TASK -> The records that follow are to be transcribed exactly.
━━━━━ DATA
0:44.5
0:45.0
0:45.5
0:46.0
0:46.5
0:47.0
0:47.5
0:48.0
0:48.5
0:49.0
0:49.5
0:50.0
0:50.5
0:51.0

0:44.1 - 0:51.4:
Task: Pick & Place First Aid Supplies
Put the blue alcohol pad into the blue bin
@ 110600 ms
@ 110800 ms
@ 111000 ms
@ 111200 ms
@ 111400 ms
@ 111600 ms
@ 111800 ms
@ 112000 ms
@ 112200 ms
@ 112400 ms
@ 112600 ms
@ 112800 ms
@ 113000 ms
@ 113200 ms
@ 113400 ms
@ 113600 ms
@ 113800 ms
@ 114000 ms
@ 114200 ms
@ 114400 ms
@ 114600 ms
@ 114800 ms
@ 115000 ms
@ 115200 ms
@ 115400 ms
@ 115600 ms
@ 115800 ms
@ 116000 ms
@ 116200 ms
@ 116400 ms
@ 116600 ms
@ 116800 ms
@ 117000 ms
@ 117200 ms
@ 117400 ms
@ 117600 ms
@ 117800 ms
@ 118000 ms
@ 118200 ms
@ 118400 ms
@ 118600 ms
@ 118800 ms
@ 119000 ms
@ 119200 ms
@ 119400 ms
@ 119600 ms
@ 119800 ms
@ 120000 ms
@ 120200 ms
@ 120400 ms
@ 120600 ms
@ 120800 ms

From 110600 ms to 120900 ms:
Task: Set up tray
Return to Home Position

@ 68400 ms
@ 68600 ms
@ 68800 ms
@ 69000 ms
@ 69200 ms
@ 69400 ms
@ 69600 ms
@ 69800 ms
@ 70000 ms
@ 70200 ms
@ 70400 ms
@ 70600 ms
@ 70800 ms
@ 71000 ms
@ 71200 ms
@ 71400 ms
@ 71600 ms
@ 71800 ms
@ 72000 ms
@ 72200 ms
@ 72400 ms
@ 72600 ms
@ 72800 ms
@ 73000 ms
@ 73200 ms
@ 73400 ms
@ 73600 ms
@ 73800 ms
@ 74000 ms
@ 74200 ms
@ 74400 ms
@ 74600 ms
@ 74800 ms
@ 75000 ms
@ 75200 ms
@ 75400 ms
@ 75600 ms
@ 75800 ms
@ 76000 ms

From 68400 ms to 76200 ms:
━━━━━━━━━━
EXPECTED ANSWER ->
0:44.5
0:45.0
0:45.5
0:46.0
0:46.5
0:47.0
0:47.5
0:48.0
0:48.5
0:49.0
0:49.5
0:50.0
0:50.5
0:51.0

0:44.1 - 0:51.4:
Task: Pick & Place First Aid Supplies
Put the blue alcohol pad into the blue bin
@ 110600 ms
@ 110800 ms
@ 111000 ms
@ 111200 ms
@ 111400 ms
@ 111600 ms
@ 111800 ms
@ 112000 ms
@ 112200 ms
@ 112400 ms
@ 112600 ms
@ 112800 ms
@ 113000 ms
@ 113200 ms
@ 113400 ms
@ 113600 ms
@ 113800 ms
@ 114000 ms
@ 114200 ms
@ 114400 ms
@ 114600 ms
@ 114800 ms
@ 115000 ms
@ 115200 ms
@ 115400 ms
@ 115600 ms
@ 115800 ms
@ 116000 ms
@ 116200 ms
@ 116400 ms
@ 116600 ms
@ 116800 ms
@ 117000 ms
@ 117200 ms
@ 117400 ms
@ 117600 ms
@ 117800 ms
@ 118000 ms
@ 118200 ms
@ 118400 ms
@ 118600 ms
@ 118800 ms
@ 119000 ms
@ 119200 ms
@ 119400 ms
@ 119600 ms
@ 119800 ms
@ 120000 ms
@ 120200 ms
@ 120400 ms
@ 120600 ms
@ 120800 ms

From 110600 ms to 120900 ms:
Task: Set up tray
Return to Home Position

@ 68400 ms
@ 68600 ms
@ 68800 ms
@ 69000 ms
@ 69200 ms
@ 69400 ms
@ 69600 ms
@ 69800 ms
@ 70000 ms
@ 70200 ms
@ 70400 ms
@ 70600 ms
@ 70800 ms
@ 71000 ms
@ 71200 ms
@ 71400 ms
@ 71600 ms
@ 71800 ms
@ 72000 ms
@ 72200 ms
@ 72400 ms
@ 72600 ms
@ 72800 ms
@ 73000 ms
@ 73200 ms
@ 73400 ms
@ 73600 ms
@ 73800 ms
@ 74000 ms
@ 74200 ms
@ 74400 ms
@ 74600 ms
@ 74800 ms
@ 75000 ms
@ 75200 ms
@ 75400 ms
@ 75600 ms
@ 75800 ms
@ 76000 ms

From 68400 ms to 76200 ms:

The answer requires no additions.